Calculate Mean Absolute Percentage Error using C++ SIMD

October 23, 2024
C++
0 Comments
67 Views

The Mean Absolute Percentage Error (MAPE) is a commonly used metric to measure the accuracy of a model. It calculates the percentage difference between actual and predicted values, normalized by the actual values. A basic implementation of MAPE works for small datasets, but optimizing the calculation with SIMD can significantly boost performance.

Here's the basic implementation:

#include <iostream>
#include <vector>
#include <cmath>

float mse(const float *a, const float *b, const size_t n) {
    float sum = 0;
    for (size_t i = 0; i < n; ++i) {
        sum += std::fabs((a[i] - b[i]) / a[i]);
    }

    return (sum / (float) n) * 100;
}

int main() {
    std::vector<float> a = {
        1, 2, 3, 4, 5, 6, 7, 8, 9, 10, 11,
        12, 13, 14, 15, 16, 17, 18,
    };
    std::vector<float> b = {
        0.5, 1, 2.5, 3, 4.5, 5, 6.5, 7, 8.5,
        9, 10.5, 11, 12.5, 13, 14.5, 15, 16.5, 17,
    };

    float value = mse(a.data(), b.data(), a.size());
    std::cout << value;

    return 0;
}

In this code, we iterate through the arrays, compute the absolute percentage difference for each pair of elements, accumulate the result, and divide by the total number of elements multiplied by 100 to get the mean absolute percentage error. Output:

13.6378

This method is effective for small datasets, but it becomes a performance bottleneck with larger data.

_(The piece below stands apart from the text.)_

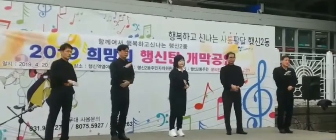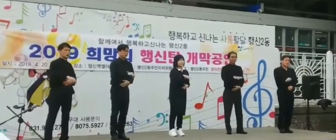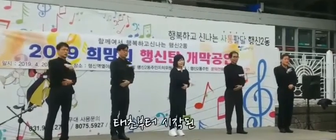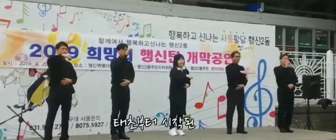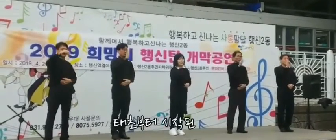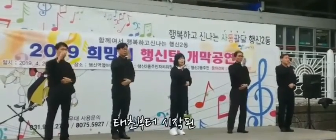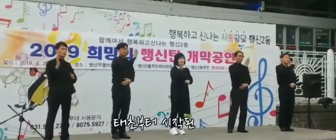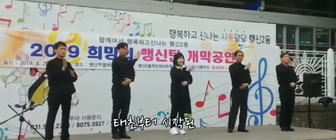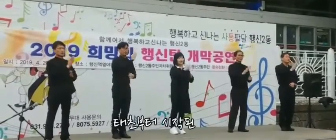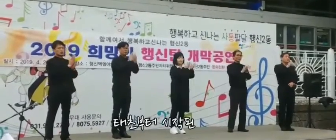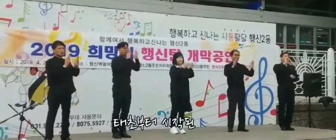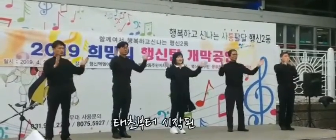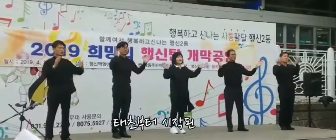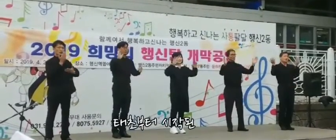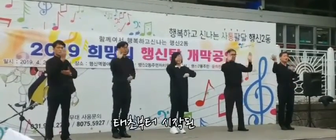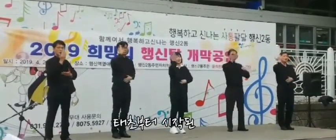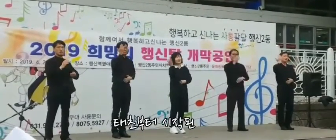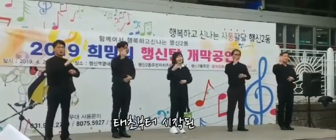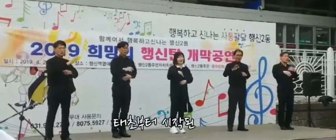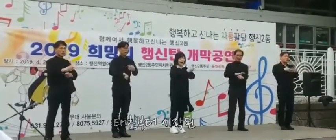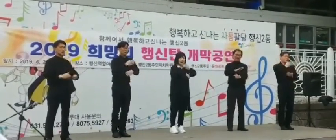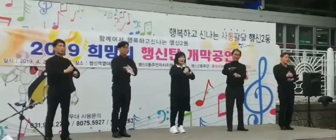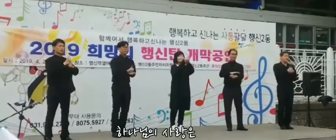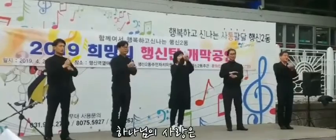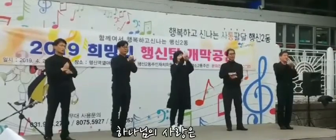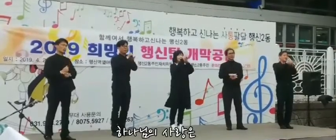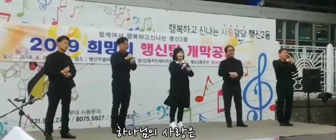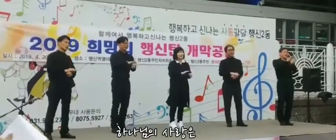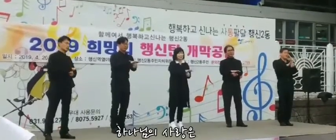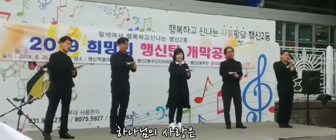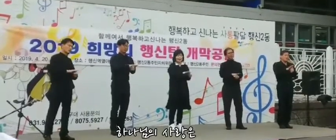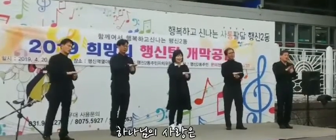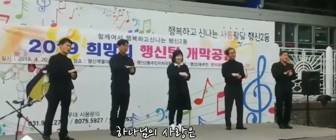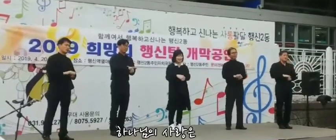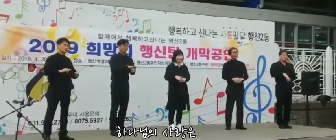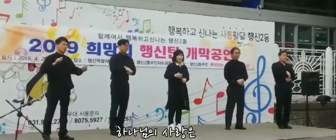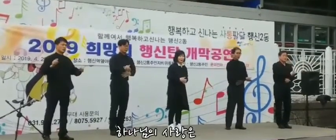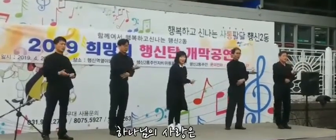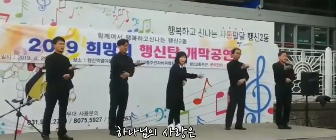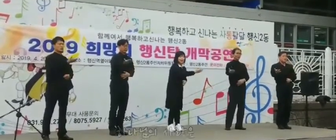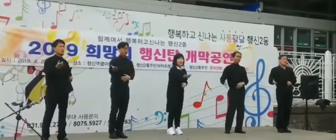백조부터 시작된 하나님의 사랑은 우리의

Here's the optimized implementation using AVX2:

#include <immintrin.h>

float mse(const float *a, const float *b, const size_t n) {
    __m256 signMask = _mm256_set1_ps(-0.0f);
    __m256 vsum = _mm256_setzero_ps();

    size_t i = 0;
    for (; i + 8 <= n; i += 8) {
        __m256 va = _mm256_loadu_ps(&a[i]);
        __m256 vb = _mm256_loadu_ps(&b[i]);
        __m256 vdiff = _mm256_sub_ps(va, vb);
        vdiff = _mm256_div_ps(vdiff, va);
        vdiff = _mm256_andnot_ps(signMask, vdiff);
        vsum = _mm256_add_ps(vsum, vdiff);
    }

    __m128 bottom = _mm256_castps256_ps128(vsum);
    __m128 top = _mm256_extractf128_ps(vsum, 1);

    bottom = _mm_add_ps(bottom, top);
    bottom = _mm_hadd_ps(bottom, bottom);
    bottom = _mm_hadd_ps(bottom, bottom);

    float sum = _mm_cvtss_f32(bottom);
    for (; i < n; ++i) {
        sum += std::fabs((a[i] - b[i]) / a[i]);
    }

    return (sum / (float) n) * 100;
}

AVX2 code explanation:

_mm256_loadu_ps loads 8 floating-point elements from arrays.
_mm256_sub_ps and _mm256_div_ps used for subtraction and division to compute the percentage difference between elements.
_mm256_andnot_ps calculates the absolute value of the differences.
_mm256_add_ps used to accumulate results in the vsum register.

To convert the SIMD result back to a scalar, we first split the vsum into two halves, add them together, and reduce the sum to a single value.

The remaining elements are processed using a scalar loop at the end.